PARIS/BERLIN: President Francois Hollande pledged yesterday to carry out long overdue reforms of France’s pension system and labour markets but said it was up to Paris, not the European Commission, to determine how they are implemented.
At a joint news conference with visiting German Chancellor Angela Merkel, Hollande defended his comment that the EU executive cannot “dictate” reforms to member states — a defiant, nationalist tone that angered Germany’s ruling conservatives.
The two leaders agreed to propose that the 17-nation eurozone appoint a full-time president and hold more frequent summits to coordinate economic policy. They also promised to speed up the disbursement of €6bn in EU funds to fight youth unemployment.
Hollande said France would stick to its objective of balancing its budget in structural terms by 2017 and meet new interim targets set by Brussels, but he bristled at detailed suggestions from the Commission at what to do.
“The details, procedures and way of going about this are the responsibility of the government and the state, otherwise there would be no national sovereignty,” the French leader said.
Merkel, who referred to Hollande as “Francois Mitterrand” before correcting herself, did not comment directly on the controversy but said France had been given two extra years to meet its deficit reduction target in return for implementing reforms.
“These go hand in hand,” she said, noting pointedly that Spain, Italy, Greece, Portugal and Ireland had already undertaken deep structural changes.
Unveiling reform recommendations for the 27-nation European Union on Wednesday, the Commission urged Hollande to rein in French public spending, revamp pensions and cut labour costs in return for a two-year reprieve on budget deficit targets.
With concern growing in Germany that the eurozone’s second largest economy is slipping deeper into decline, Merkel allies warned that Hollande’s attitude could undermine efforts to bolster the euro zone economy.
On the day of her Paris visit, new figures showed French unemployment had risen to a record 3,264,400 in April after two unbroken years of monthly rises.

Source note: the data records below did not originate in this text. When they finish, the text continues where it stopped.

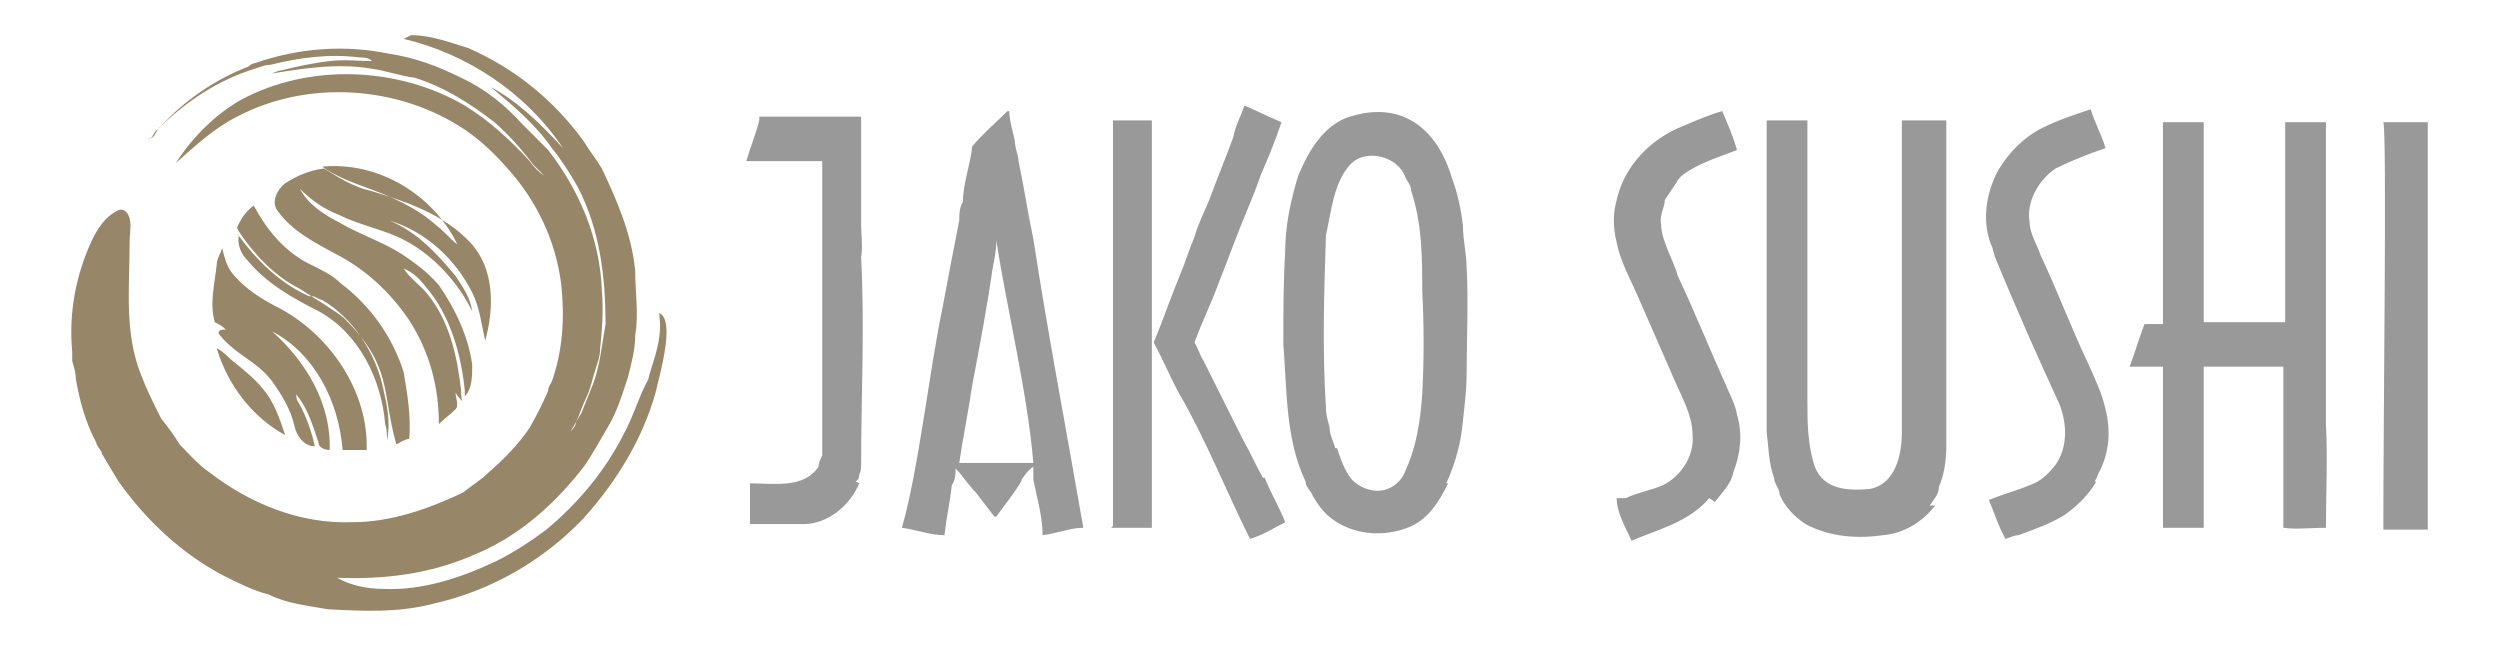 <?xml version="1.0" encoding="UTF-8"?>
<svg id="Layer_1" xmlns="http://www.w3.org/2000/svg" version="1.1" xmlns:xlink="http://www.w3.org/1999/xlink" viewBox="0 0 135 35">
  <!-- Generator: Adobe Illustrator 29.2.1, SVG Export Plug-In . SVG Version: 2.1.0 Build 116)  -->
  <defs>
    <style>
      .st0 {
        fill: #999;
      }

      .st0, .st1 {
        fill-rule: evenodd;
      }

      .st1 {
        fill: #978667;
      }

      .st2 {
        display: none;
        fill: #050b25;
      }
    </style>
  </defs>
  <rect class="st2" width="135" height="35"/>
  <path class="st1" d="M17.4,9c3-.3,6,1.5,7.3,4.2-.4-.3-.7-.7-1.1-1-1.1-1-2.5-1.6-3.9-2.1-.8-.3-1.6-.6-2.3-1.1ZM15.1,10.1c.7-.5,1.5-.9,2.4-1,.8.5,1.6,1,2.5,1.2,2,.6,4,1.3,5.4,2.8,1.3,1.4,1.3,3.5.8,5.3-.2-.9-.3-1.8-.7-2.6-.9-1.8-2.5-3.3-4.5-3.9,1.5.6,2.6,1.8,3.6,3,.4.6.8,1.2.9,1.9-.8-1.6-2.1-3-3.6-3.8-1.1-.6-2.4-.8-3.6-1.4-.8-.3-1.5-.8-2.1-1.4.4.8,1.3,1.4,2.1,1.8,1,.6,2.2,1,3.2,1.6.8.5,1.6,1.1,2.2,1.8.9,1.3,1.6,2.8,1.8,4.3,0,.6,0,1.3-.4,1.7,0,0,0-.2,0-.3-.2-2-.8-4.1-2.1-5.6-.3-.4-.7-.8-1.2-1,.3.5.9.9,1.3,1.4,1.2,1.5,1.6,3.4,1.8,5.2,0,.2,0,.5.1.6-.1-.1-.3-.3-.4-.5,0,.3.2.7,0,.9-.3.3-.6.5-.9.8,0-2-.5-3.9-1.6-5.6-1-1.5-2.4-2.8-4-3.6-1.1-.6-2.3-1.2-3.1-2.3-.4-.5,0-1.2.4-1.5ZM12.8,12.3c.2-.5.5-.9.9-1.2.7,1.3,1.6,2.4,2.9,3.1.6.3,1.3.6,1.8,1.1,1.6,1.2,2.8,2.9,3.4,4.8.2,1.2.4,2.4.3,3.6-.2,0-.5.2-.7.3-.8-2.9-.2-4.2-2.8-6.8-.3-.3-1.8-1.2-2.4-1.6-1.4-.7-2.5-1.9-3.3-3.1h0ZM12.8,12.6c1,1.4,2.3,2.7,3.9,3.4,0,0,.1,0,.2,0,.1,0,.4.2.5.2h0c1.7,1,2.9,2.9,3.3,4.8.2.9.4,1.8.2,2.8,0-.3,0-.6-.1-.9-.2-2.4-1.4-4.9-3.6-6.1h0c-1.4-.7-2.8-1.5-3.8-2.7-.4-.4-.6-.9-.5-1.4ZM11.8,18c0-.2.2-.2.3-.2h.1c0,0,0,0,0,0-.2-.2-.4-.3-.6-.4-.3-1,0-2.1.1-3.1h0c0-.3.2-.6.3-.9.1.4.2.9.5,1.3.7.9,1.7,1.5,2.7,2h0c2.7,1.5,4.7,4.5,4.6,7.6-.4,0-.9,0-1.3,0-.2-2.6-1.5-5.2-3.8-6.4,1.8,1.6,3.2,3.9,3.1,6.4-.2,0-.6-.1-.6-.4-.3-.9-.6-1.9-1.2-2.6,0,.1,0,.3.1.4.4.7.7,1.5.9,2.4-.6,0-1-.6-1.1-1.1-.2-.9-.7-1.7-1.2-2.4-.8-1.1-2.1-1.5-2.9-2.6ZM11.7,18.8c.4.2.6.5,1,.8.5.4,1.1.9,1.5,1.4.6.7.9,1.6,1.2,2.5-1.8-1-3.1-2.7-3.7-4.7ZM22.2,1.9c1.1,0,2.1.4,3.1.7,2.5,1.1,4.6,2.8,6.2,5,.3.5.7,1,1,1.5.8,1.7,1.6,3.5,1.8,5.5,0,1.2.2,2.4,0,3.5,0,.8-.2,1.5-.4,2.3-.3.9-.6,1.9-1.1,2.7h0c-.4.7-.8,1.4-1.2,2-1.6,2.1-3.6,3.9-6.1,4.9-2.3,1-4.8,1.3-7.3,1.2.7.4,1.6.6,2.5.6,2.1.1,4.2-.6,6.1-1.5,1-.5,1.9-1.1,2.7-1.7h0c1.7-1.4,3.2-3.2,4.2-5.2.5-.9.8-2,1.3-2.9.2-.8.5-1.5.6-2.3.1-.7,0-1,0-1.3.9.4,0,3.4-.2,4.3-.7,2.5-2.1,4.8-3.9,6.8-2.2,2.3-5,3.9-8.1,4.6-1.9.5-3.8.4-5.7.3-1.1-.2-2.2-.3-3.2-.8-.8-.2-1.6-.6-2.4-1-2.3-1.2-4.2-3-5.7-5.1-.3-.5-.6-1-.9-1.5,0-.2-.3-.4-.3-.6-.6-1.1-.9-2.3-1.1-3.4,0-.3-.1-.7-.2-1,0-.1,0-.4,0-.5-.2-2.1.2-4.2,1.1-6.1.3-.6.7-1.2,1.3-1.5.3-.2.6,0,.7.4.1.4,0,.8,0,1.3,0,2.4-.3,4.8.6,7.1.3.8.7,1.6,1.1,2.4.4.5.7.9,1,1.4.5.5,1,1.1,1.6,1.5,2.2,1.7,4.9,2.8,7.7,2.7,2.1,0,4.1-.7,6-1.6h0c.5-.4,1-.7,1.4-1.1h0c.8-.7,1.6-1.5,2.2-2.4.4-.7.7-1.3,1-2,0-.2.1-.3.2-.5.6-1.7.7-3.5.5-5.3-.3-2.3-1.3-4.4-2.8-6.1-.7-.8-1.5-1.6-2.4-2.2-3.6-2.4-8.5-2.7-12.3-.7-1.2.6-2.3,1.6-3.3,2.5.9-1.4,2.1-2.6,3.5-3.4,3.7-2,8.5-1.8,12.1.3,1.3.8,2.5,1.9,3.5,3,.2.3.5.6.8.8-.2-.2-.4-.4-.6-.6h0c-.6-.8-1.3-1.6-2.1-2.3-1.3-1-2.7-1.9-4.3-2.4-.8-.1-1.6-.4-2.4-.5-1.8-.3-3.7,0-5.5.3.2,0,.5-.2.7-.2.8-.2,1.7-.4,2.6-.5.8-.1,1.6,0,2.3,0h0c-.2-.2-.5-.2-.7-.2-1.6-.2-3.2,0-4.8.4-.3,0-.5.1-.8.2-2,.6-3.8,1.8-5.3,3.3-.2.1-.3.6-.5.5.4,0,.4-.5.7-.7,1.3-1.4,2.9-2.5,4.7-3.2h0c.1-.1.3-.2.4-.2,2.3-.8,4.8-1,7.2-.5,1.4.2,2.7.7,3.9,1.3h0c1.3.6,2.4,1.5,3.3,2.5.5.5.9.9,1.4,1.4,1.7,2.2,2.8,4.8,2.9,7.6.1,1.1,0,2.2-.1,3.2,0,.3-.1.6-.2.9-.2.6-.3,1.2-.6,1.8-.2.4-.3.8-.5,1.2,0,.2-.2.4-.3.5.2-.3.4-.7.6-1,.2-.5.4-1,.6-1.5.4-1,.5-2.2.7-3.3,0-2.5-.3-5.1-1.5-7.4-.4-.7-.9-1.5-1.4-2.1-.9-1.3-2.1-2.3-3.3-3.3,1.5.8,2.7,2,3.9,3.3-2-3-5.2-5.1-8.6-5.9Z"/>
  <path class="st0" d="M128.8,6.6c0-.8,0,.8,0,0,.8,0,1.5,0,2.3,0,0,7.1,0,22,0,22-.8,0-1.6,0-2.4,0,0-6.5.2-21.3,0-22ZM51.7,25c1.4,0,2.7,0,4.1,0-.3-3.7-1.4-8.2-2-12,0,0,0,0,0,0,0,.5-.1,1-.2,1.5-.3,2.1-.7,4.2-1.1,6.3-.2,1.4-.5,2.8-.7,4.2ZM125.6,22.9c.1,1.9,0,3.8,0,5.6h0c-.8,0-1.6.1-2.3,0,0-2.9,0-5.8,0-8.7-1.4,0-2.9,0-4.3,0,0,2.9,0,5.8,0,8.7-.7,0-1.4,0-2.2,0,0-2.9,0-5.8,0-8.7-.6,0-1.2,0-1.8,0,.3-.8.5-1.5.8-2.3.3,0,.6,0,1,0,0-3.6,0-7.3,0-10.9h0c.7,0,1.5,0,2.2,0h0c0,3.7,0,7.3,0,10.8,1.5,0,2.9,0,4.4,0,0-3.6,0-7.2,0-10.8h-.1c.8,0,1.6,0,2.3,0,0,1.4,0,2.9,0,4.3,0,4,0,8,0,12ZM60.1,28.4c0-1.4,0-2.8,0-4.1,0-3.9,0-7.8,0-11.7,0-2,0-4.1,0-6.1.7,0,1.4,0,2,0h.1c0,7.4,0,14.7,0,22-.7,0-1.5,0-2.2,0h0ZM72.2,24.2c.2.6.4,1.2.8,1.7.4.4.9.6,1.4.6.7,0,1.3-.5,1.5-1.1.6-1.3.8-2.7.9-4.1.1-1.9.1-3.7,0-5.6,0-1.8,0-3.6-.6-5.4,0-.3-.2-.5-.3-.7-.4-1.2-2.2-1.6-3-.7-.9,1-1,2.5-1.3,3.8-.1,3.1-.2,6.2,0,9.3,0,.4.1.7.2,1.1,0,.4.2.7.3,1.1ZM78.2,26.1h0c-.5,1-1.1,2-2.2,2.4-1.3.5-2.9.4-4.1-.5-.4-.3-.7-.7-1-1.2-.1-.3-.4-.5-.4-.8-1.1-2.3-1-5-1.2-7.4,0-1.7,0-3.4.1-5,0-1.4.3-2.8.7-4.1.5-1.2,1.2-2.5,2.5-3.1,3-1.1,5,.5,5.8,3.2.3.8.5,1.7.6,2.6,0,.8.2,1.5.2,2.3.1,1.9,0,3.7,0,5.6,0,.9-.1,1.7-.2,2.6h0c-.1,1.2-.4,2.3-.9,3.4ZM46.4,26.1c-.5,1.2-1.7,2.2-3,2.2-1,0-1.9,0-2.9,0,0-.7,0-1.5,0-2.2,1.3,0,2.9.3,3.7-.9,0-.2.1-.4.2-.6h0c0-4.9,0-9.7,0-14.6,0-.4,0-.9,0-1.3-1.4,0-2.7,0-4.1,0,.2-.7.5-1.4.7-2.2h0s0-.2,0-.2c1.8,0,3.6,0,5.5,0,0,1.9,0,3.8,0,5.8,0,.6.1,1.2,0,1.8.2,3.7,0,7.5,0,11.2,0,.1,0,.4-.1.5,0,.1,0,.3-.2.4ZM55.2,25.9c-.4.7-.9,1.3-1.4,2,0,0,0,0-.1,0-.3-.4-.7-.9-1-1.3-.4-.4-.7-.9-1.1-1.3,0,.3,0,.6-.2.9-.1.9-.3,1.8-.4,2.7-.8,0-1.5-.3-2.3-.4.9-3.1,1.5-8.6,2.2-11.9.3-1.6.6-3.2.9-4.7,0-.3,0-.7.2-1,0-1,.4-2,.5-3,.6-.7,1.3-1.3,1.9-1.9,0,0,0,0,.1,0,0,.5.2,1.1.3,1.6,0,.4.2.8.2,1.1.3,1.4.5,2.8.8,4.2.8,5.2,1.8,10.4,2.7,15.6-.7,0-1.4.3-2.2.4,0-1-.3-2-.5-3,0-.2,0-.5,0-.7-.3.2-.5.5-.7.8ZM113.2,26c-.4.7-1,1.3-1.7,1.8-.8.5-1.7.8-2.5,1.1-.2,0-.4.1-.7.2-.4-.7-.6-1.4-.9-2.1.7-.3,1.5-.5,2.2-.8.6-.2,1-.6,1.4-1.1.7-1,.6-2.3.2-3.3-1.2-2.6-2.4-5.3-3.5-8,0-.1-.1-.3-.1-.4-.6-1.3-.4-2.9.3-4.2.6-1,1.4-1.8,2.4-2.3.8-.4,1.7-.7,2.6-1,.2.7.6,1.4.8,2.1-.9.3-1.9.7-2.7,1.1-.9.6-1.6,1.8-1.4,2.9,0,.6.4,1.2.6,1.8.9,1.9,1.6,3.8,2.5,5.7.4.9.8,1.7,1,2.6.3,1.2.2,2.4-.4,3.5,0,0-.1.3-.2.4ZM68.3,25.8h0c.3.8.8,1.6,1.1,2.4-.6.3-1.2.7-1.9.9-1.2-2.4-2.5-5.6-3.8-7.8h0c-.5-.9-.9-1.9-1.4-2.8.5-1.2.9-2.4,1.4-3.6.3-.7.5-1.4.8-2.1.2-.7.5-1.3.8-2,.4-1.1.9-2.3,1.3-3.4.1-.6.4-1.1.6-1.7.7.3,1.3.6,2,.9-.3.9-.7,1.9-1.1,2.8-.3.9-.7,1.8-1.1,2.8-.4,1-.8,2.1-1.2,3.1-.4,1.1-.9,2.1-1.3,3.2.2.3.3.7.5,1,.7,1.4,1.4,2.8,2.1,4.2.4.7.7,1.4,1.1,2.1ZM92.3,26.9c-1.1,1.3-2.8,1.7-4.2,2.3-.3-.7-.8-1.5-.8-2.3.2,0,.3,0,.5,0,.6-.3,1.3-.4,2-.7,1-.5,1.7-1.6,1.6-2.7,0-1-.5-1.9-.9-2.8-.7-1.6-1.4-3.2-2.1-4.8-.4-.9-.9-1.8-1.1-2.8-.2-.8-.2-1.6,0-2.3.4-1.8,1.8-3.3,3.6-4,.7-.3,1.4-.6,2.1-.8.3.7.6,1.4.8,2.1-1,.4-2.1.7-3,1.4-.1.1-.2.2-.3.4h0c-.2.3-.4.6-.6.9h0c0,.4-.3.8-.2,1.3,0,.5.2,1,.4,1.5.2.5.4.9.5,1.3.9,1.9,1.7,3.9,2.6,5.9.2.5.5,1,.6,1.6.3,1,.2,2.1-.2,3.1-.1.6-.6,1.1-1,1.6ZM104.5,27.3c-.7.9-1.7,1.5-2.8,1.6-1.4.2-2.9.1-4.2-.6-.6-.4-1.1-.9-1.4-1.6,0-.3-.3-.6-.3-.9-.3-.8-.3-1.7-.4-2.5,0-1.1,0-2.2,0-3.3,0-2.8,0-5.6,0-8.4,0-1.7,0-3.4,0-5.1.7,0,1.5,0,2.2,0,0,1.3,0,2.6,0,3.8,0,1.7,0,3.3,0,5,0,2.1,0,4.2,0,6.3,0,1.2,0,2.4.4,3.6.5,1.3,1.9,1.3,3,1.2,1.4-.3,1.7-1.9,1.7-3.1,0-3,0-5.9,0-8.9,0-2.6,0-5.3,0-7.9.8,0,1.6,0,2.4,0,0,2.2,0,4.5,0,6.7,0,2.9,0,5.8,0,8.7,0,.7,0,1.5,0,2.2,0,.7-.1,1.5-.4,2.2,0,.4-.3.7-.5,1Z"/>
</svg>

Hollande stuck to his promise to reverse the trend by year end despite economists’ scepticism.
“It can’t work when a big country like France says it can do what it wants,” said Michael Fuchs, deputy parliamentary leader of Merkel’s Christian Democrats.
“If a country in the EU and eurozone thinks it needn’t keep promises, that is worrying,” he added.
Norbert Barthle, the party’s spokesman on budgetary matters, accused Hollande, whose poll ratings have fallen faster than for any modern French president as the economy has slid into recession, of playing to a domestic audience. He said the EU Commission had been too generous in giving France a further two years to bring its deficit below the bloc’s three percent ceiling after Paris conceded it would miss the target this year.